Like your application can use the Debug object, the IDE can use the output window as well. The IDE uses the same static Debug object as your application. Any changes the IDE makes are reflected in your application, and vice versa. For instance, when the IDE hides the debug output window, your application must re-show it explicitly.
The IDE offers you two alternatives to show the output window.

  1. By selecting the IDE menu bar View | Toggle Output Window [Alt+3] at design time.
  2. By selecting the tray icon popup menu item at run-time.

Your application can provide its own means of operation to open the debug output window. The debug window could be used for logging, without actually showing the window.

So, whether your application or the IDE controls the debug output window, they both use the same static Debug object in the runtime. Therefor it is important to know what happens in the background.

The Debug thread
First of all, at the first opportunity – when one of the Debug object’s properties or methods is invoked – a new thread is created. As with all good threads it is not destroyed before the application ends; that is when the DLL runtime unloads from memory. When the GFA-BASIC IDE starts executing the thread isn’t started immediately. Only when your GFA-BASIC application, a GLL editor extension, or one of the IDE commands to show the debug window, are applied the thread is actually started.

The debug thread registers the DebugClass window class and creates an instance of the window class (top-level). Note that the window is displayed in the taskbar. Once the window is created the thread enters an infinite message retrieval loop (inside the thread) and handles the dispatching of messages to the DebugClass window procedure, located in the runtime.
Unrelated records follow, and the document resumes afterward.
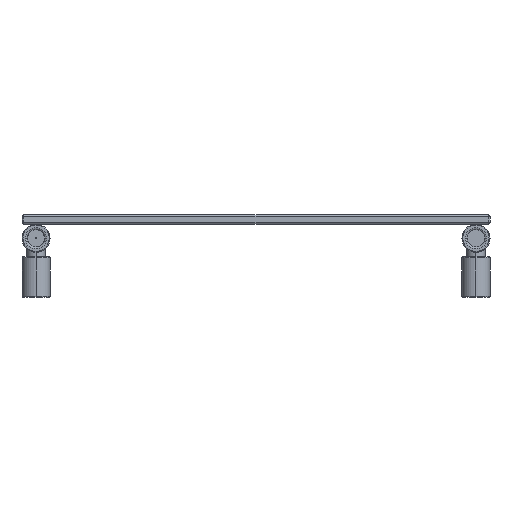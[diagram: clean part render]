
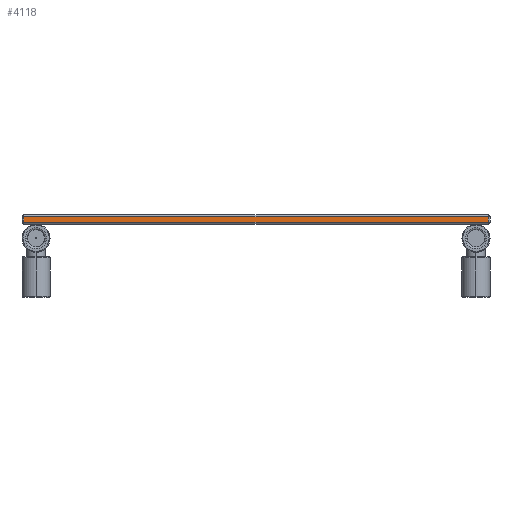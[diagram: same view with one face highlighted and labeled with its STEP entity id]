
A CAD part, front view. The second image highlights one B-rep face of the part: STEP entity #4118.
In plain terms, the highlighted planar face has unit normal (0, -1, 0).
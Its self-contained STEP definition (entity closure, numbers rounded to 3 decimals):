
#3572=DIRECTION('',(0.,0.,-1.));
#3573=VECTOR('',#3572,5.5);
#3574=CARTESIAN_POINT('',(248.,3.,-17.25));
#3575=LINE('',#3574,#3573);
#3579=DIRECTION('',(0.,0.,1.));
#3580=VECTOR('',#3579,5.5);
#3581=CARTESIAN_POINT('',(-248.,3.,-22.75));
#3582=LINE('',#3581,#3580);
#3586=DIRECTION('',(1.,0.,0.));
#3587=VECTOR('',#3586,496.);
#3588=CARTESIAN_POINT('',(-248.,3.,-17.25));
#3589=LINE('',#3588,#3587);
#3609=DIRECTION('',(1.,0.,0.));
#3610=VECTOR('',#3609,496.);
#3611=CARTESIAN_POINT('',(-248.,3.,-22.75));
#3612=LINE('',#3611,#3610);
#3654=CARTESIAN_POINT('',(248.,3.,-17.25));
#3655=VERTEX_POINT('',#3654);
#3658=CARTESIAN_POINT('',(248.,3.,-22.75));
#3659=VERTEX_POINT('',#3658);
#3669=CARTESIAN_POINT('',(-248.,3.,-22.75));
#3671=VERTEX_POINT('',#3669);
#3674=CARTESIAN_POINT('',(-248.,3.,-17.25));
#3675=VERTEX_POINT('',#3674);
#4106=CARTESIAN_POINT('',(-250.,3.,-17.25));
#4107=DIRECTION('',(0.,-1.,0.));
#4108=DIRECTION('',(0.,0.,-1.));
#4109=AXIS2_PLACEMENT_3D('',#4106,#4107,#4108);
#4110=PLANE('',#4109);
#4111=ORIENTED_EDGE('',*,*,#3878,.T.);
#4113=ORIENTED_EDGE('',*,*,#4112,.F.);
#4114=ORIENTED_EDGE('',*,*,#4038,.T.);
#4115=ORIENTED_EDGE('',*,*,#3837,.T.);
#4116=EDGE_LOOP('',(#4111,#4113,#4114,#4115));
#4117=FACE_OUTER_BOUND('',#4116,.F.);
#3837=EDGE_CURVE('',#3675,#3655,#3589,.T.);
#3878=EDGE_CURVE('',#3655,#3659,#3575,.T.);
#4038=EDGE_CURVE('',#3671,#3675,#3582,.T.);
#4112=EDGE_CURVE('',#3671,#3659,#3612,.T.);
#4118=ADVANCED_FACE('',(#4117),#4110,.T.);

The window procedure itself is responsible for responding to the messages of the debug output window. One of the messages the window procedure must handle is the WM_SYSCOMMAND, because the debug window thread adds a system menu item to the window (Always on Top). The window procedure either responds by setting the top-level window to the top of the top-level-windows Z-order (HWND_TOPMOST), or by setting it to the bottom of the Z-order (HWND_BOTTOM), which by the way doesn’t mean that it will disappear immediately.

The position is saved automatically
Another message the thread’s window procedure handles is WM_EXITSIZEMOVE. This saves the (new) position of the ‘DebugClass’ window in the registry. It saves the position as a binary value from a RECT structure. It is saved under the a sub key name of ‘DebPos’ in ‘HKEY_CURRENT_USER/Software/GFA/Basic’. When this key doesn’t exist, it is created. When your customers application uses the debug window, the position will be saved in this registry key of your customers PC. Also note that your customer has the ‘Always on Top’ option available. This setting isn’t stored in the registry. (BTW the window position isn’t saved when the output window is in a minimized or maximized state.)

Give it an owner
I find the debug window - unowned toplevel - completely living on its own quite annoying. I think it should be owned by the main window (and thread) of the application that is using it. In case of GFABASIC this should be the Gfa_hWnd window, in case of a customer application, your main windows handle.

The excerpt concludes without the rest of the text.